--- Goal of the exercise ---
Set down each line of the material that follows, exactly, with no pictures.

--- Dataset records ---
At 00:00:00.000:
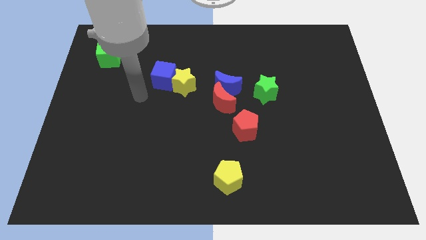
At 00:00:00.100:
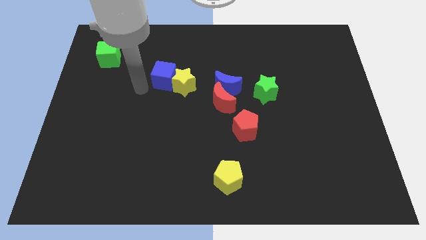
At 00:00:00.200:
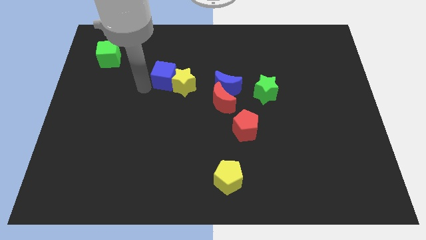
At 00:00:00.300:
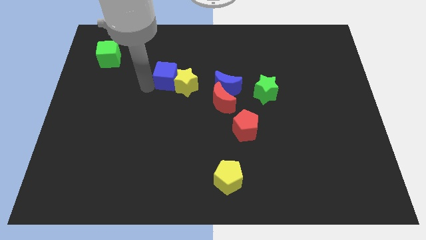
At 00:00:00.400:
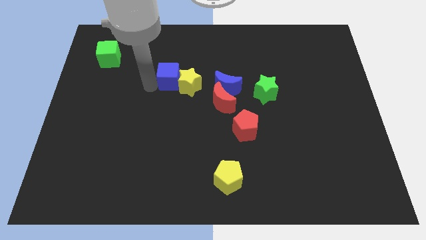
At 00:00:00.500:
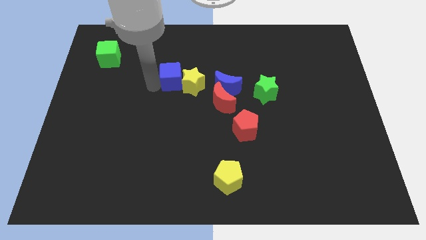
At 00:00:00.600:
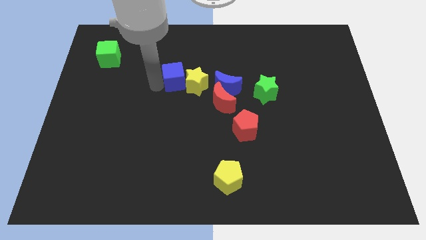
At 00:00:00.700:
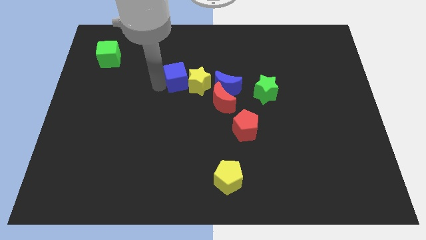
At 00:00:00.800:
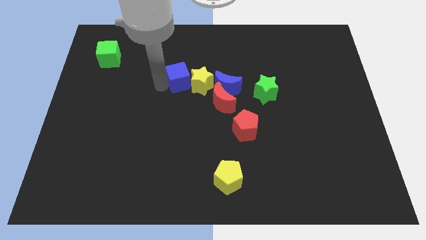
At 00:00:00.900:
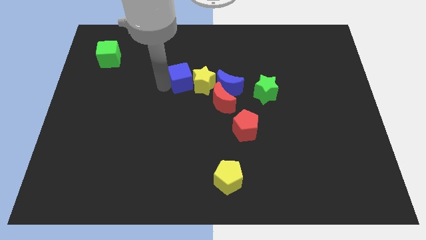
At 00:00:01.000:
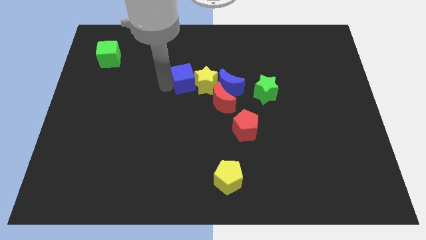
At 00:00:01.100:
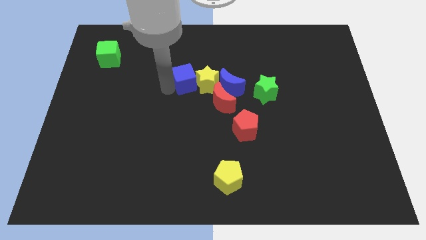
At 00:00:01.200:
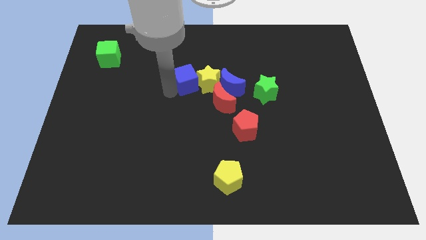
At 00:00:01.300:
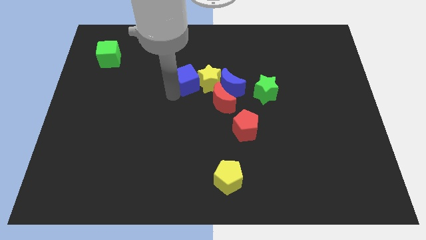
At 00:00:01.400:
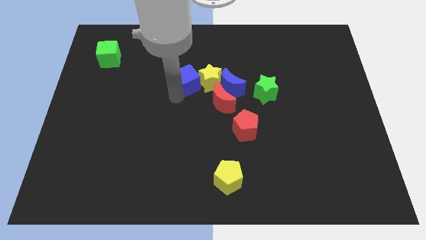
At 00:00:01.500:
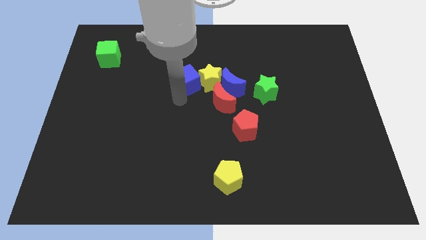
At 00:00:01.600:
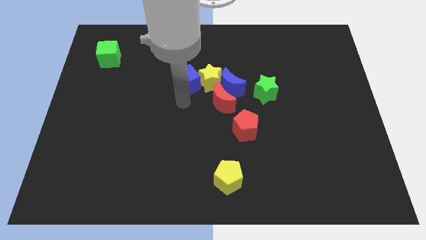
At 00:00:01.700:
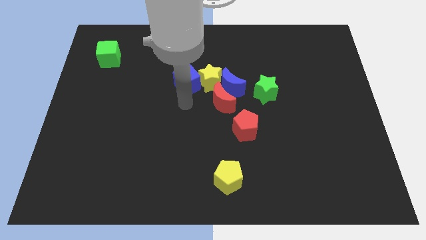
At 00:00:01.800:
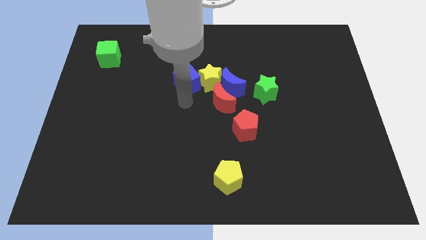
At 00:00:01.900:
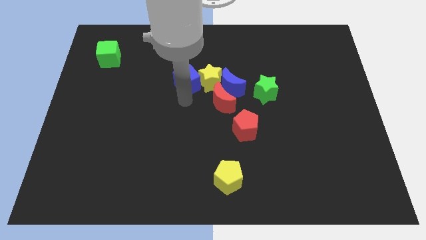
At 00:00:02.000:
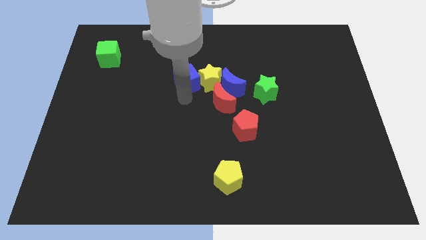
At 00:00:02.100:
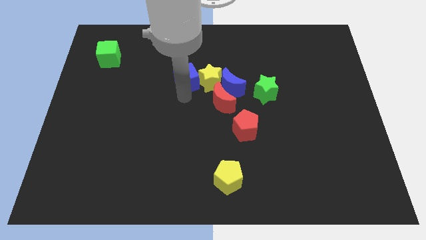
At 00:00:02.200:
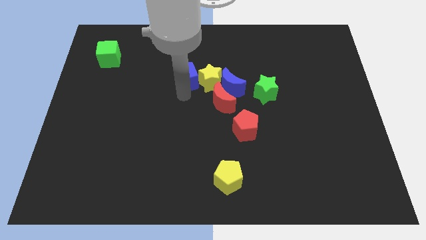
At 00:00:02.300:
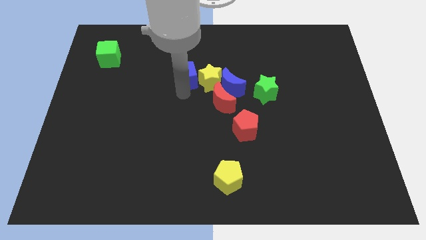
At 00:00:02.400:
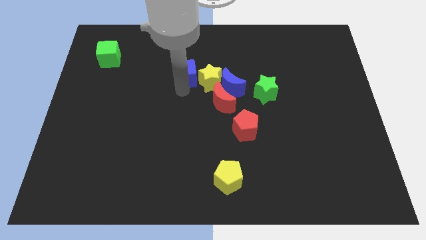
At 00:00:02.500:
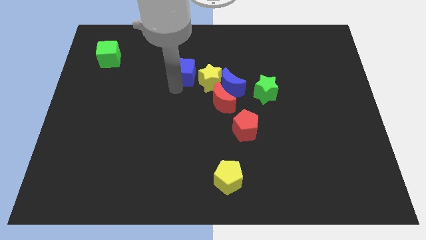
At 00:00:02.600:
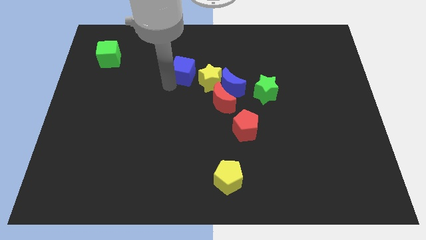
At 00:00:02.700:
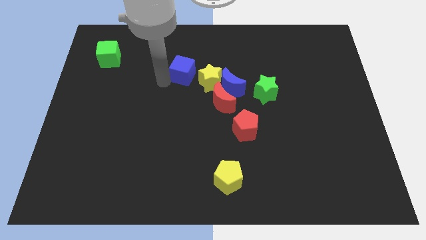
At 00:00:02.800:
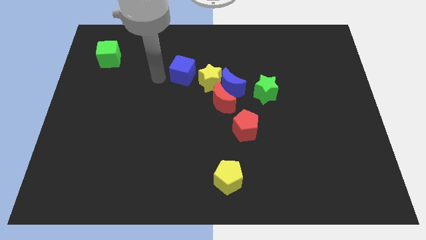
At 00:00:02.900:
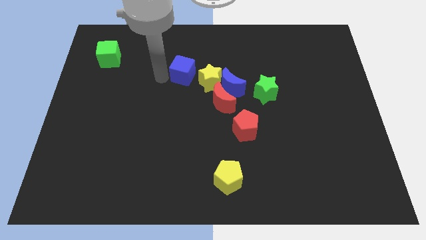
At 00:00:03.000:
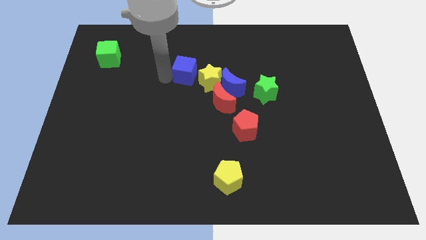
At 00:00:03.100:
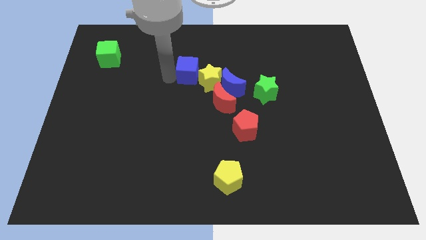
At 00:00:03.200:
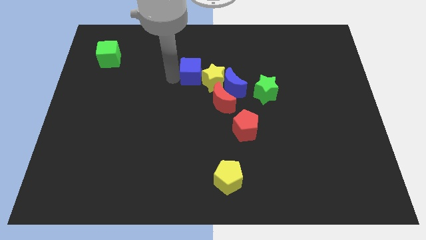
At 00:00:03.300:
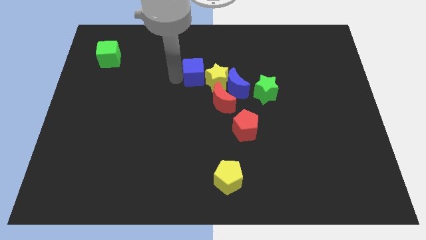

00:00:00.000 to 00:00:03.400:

--- Task answer ---
At 00:00:00.000:
At 00:00:00.100:
At 00:00:00.200:
At 00:00:00.300:
At 00:00:00.400:
At 00:00:00.500:
At 00:00:00.600:
At 00:00:00.700:
At 00:00:00.800:
At 00:00:00.900:
At 00:00:01.000:
At 00:00:01.100:
At 00:00:01.200:
At 00:00:01.300:
At 00:00:01.400:
At 00:00:01.500:
At 00:00:01.600:
At 00:00:01.700:
At 00:00:01.800:
At 00:00:01.900:
At 00:00:02.000:
At 00:00:02.100:
At 00:00:02.200:
At 00:00:02.300:
At 00:00:02.400:
At 00:00:02.500:
At 00:00:02.600:
At 00:00:02.700:
At 00:00:02.800:
At 00:00:02.900:
At 00:00:03.000:
At 00:00:03.100:
At 00:00:03.200:
At 00:00:03.300:

00:00:00.000 to 00:00:03.400:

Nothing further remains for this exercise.